* [Task instructions]
All of the data below should be printed again exactly, pictures excluded.

Provided entries START

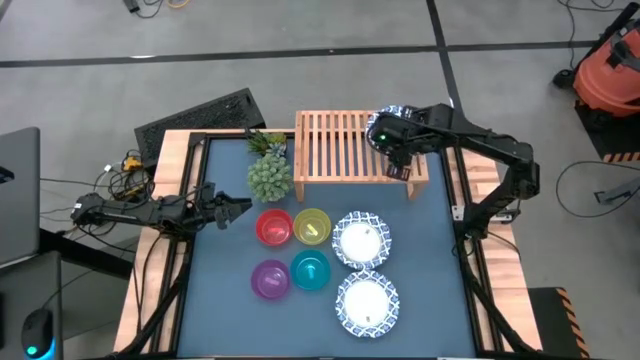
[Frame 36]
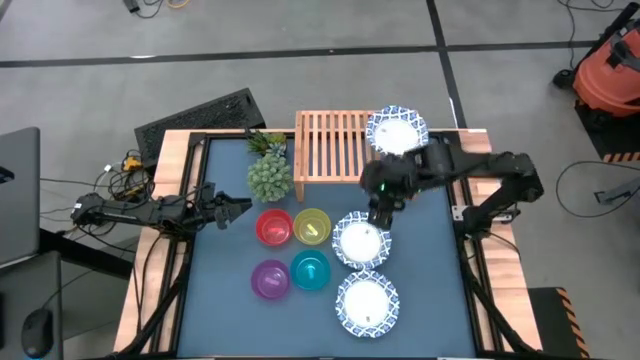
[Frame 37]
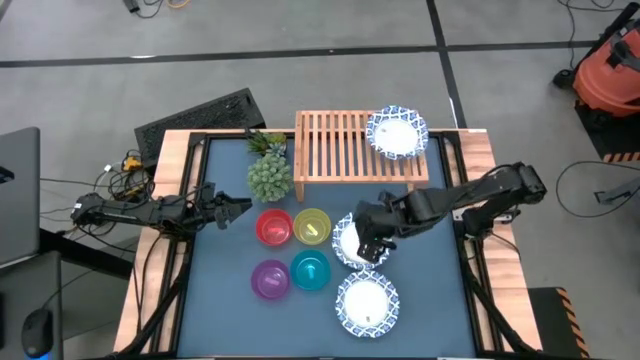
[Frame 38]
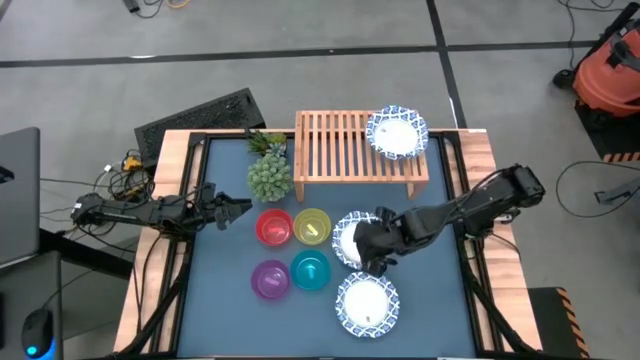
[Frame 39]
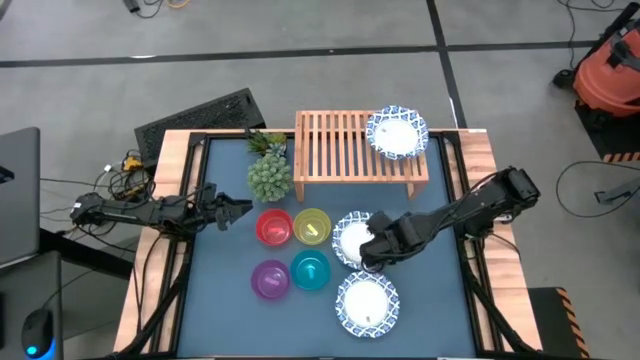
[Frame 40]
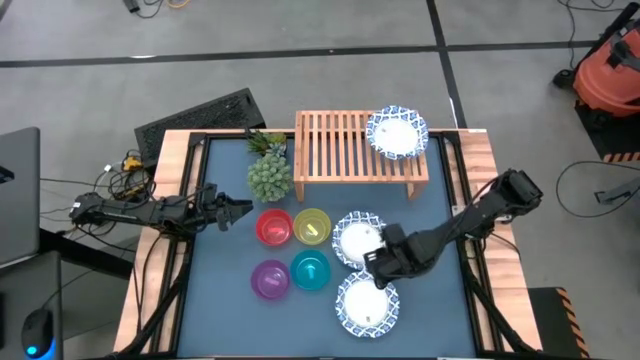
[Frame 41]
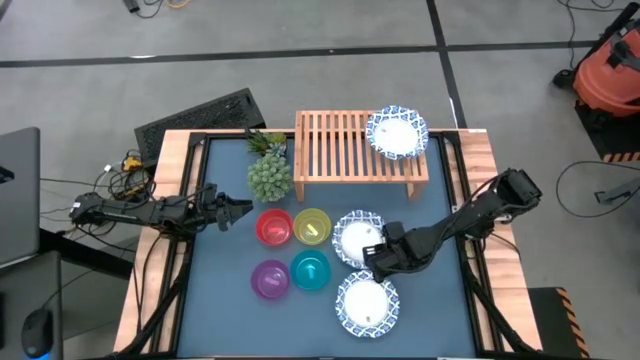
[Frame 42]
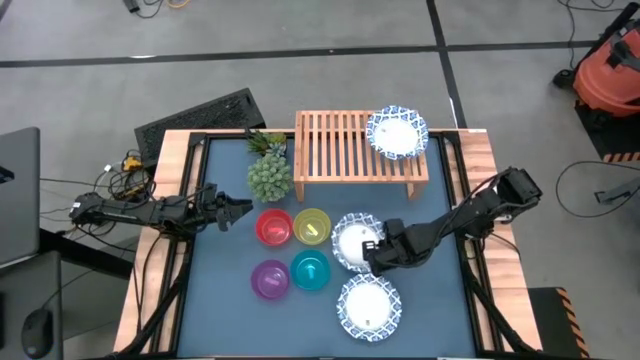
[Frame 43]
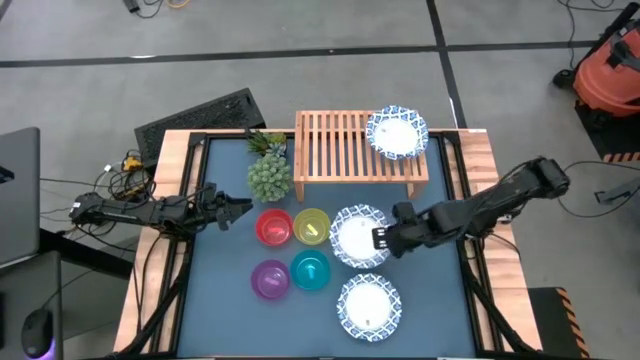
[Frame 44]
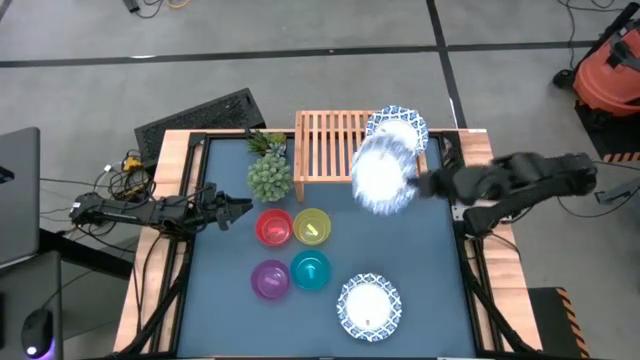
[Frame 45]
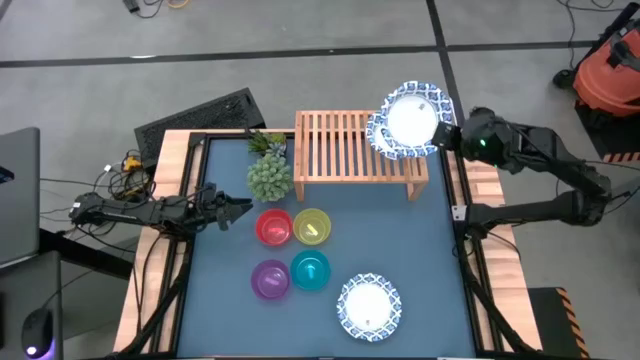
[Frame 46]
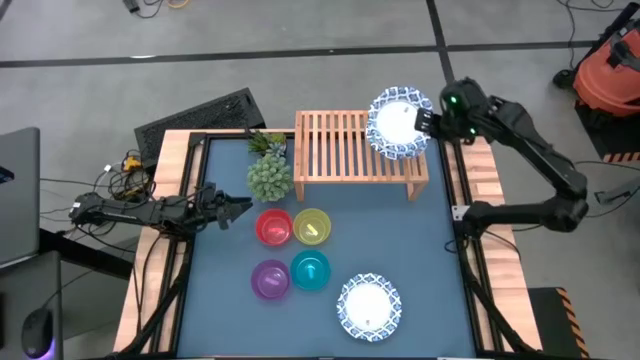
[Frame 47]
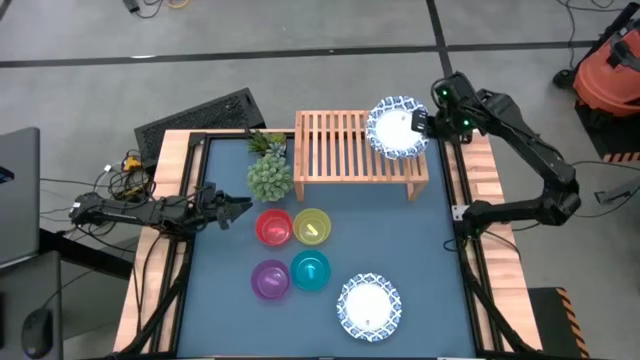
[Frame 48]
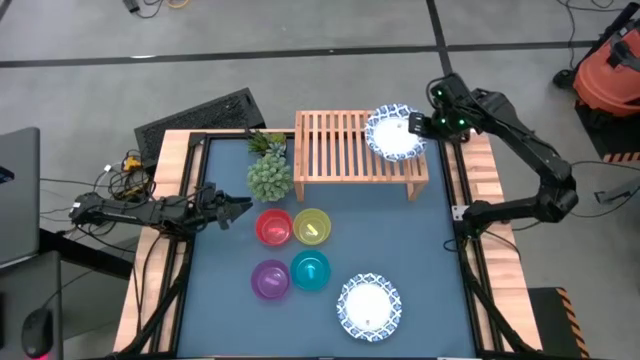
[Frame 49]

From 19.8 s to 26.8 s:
Task: Place and stack bowls onto a shelf
Stack the white patterned bowl on top of the white patterned bowl on the shelf

Provided entries END

* [Answer section]
[Frame 36]
[Frame 37]
[Frame 38]
[Frame 39]
[Frame 40]
[Frame 41]
[Frame 42]
[Frame 43]
[Frame 44]
[Frame 45]
[Frame 46]
[Frame 47]
[Frame 48]
[Frame 49]

From 19.8 s to 26.8 s:
Task: Place and stack bowls onto a shelf
Stack the white patterned bowl on top of the white patterned bowl on the shelf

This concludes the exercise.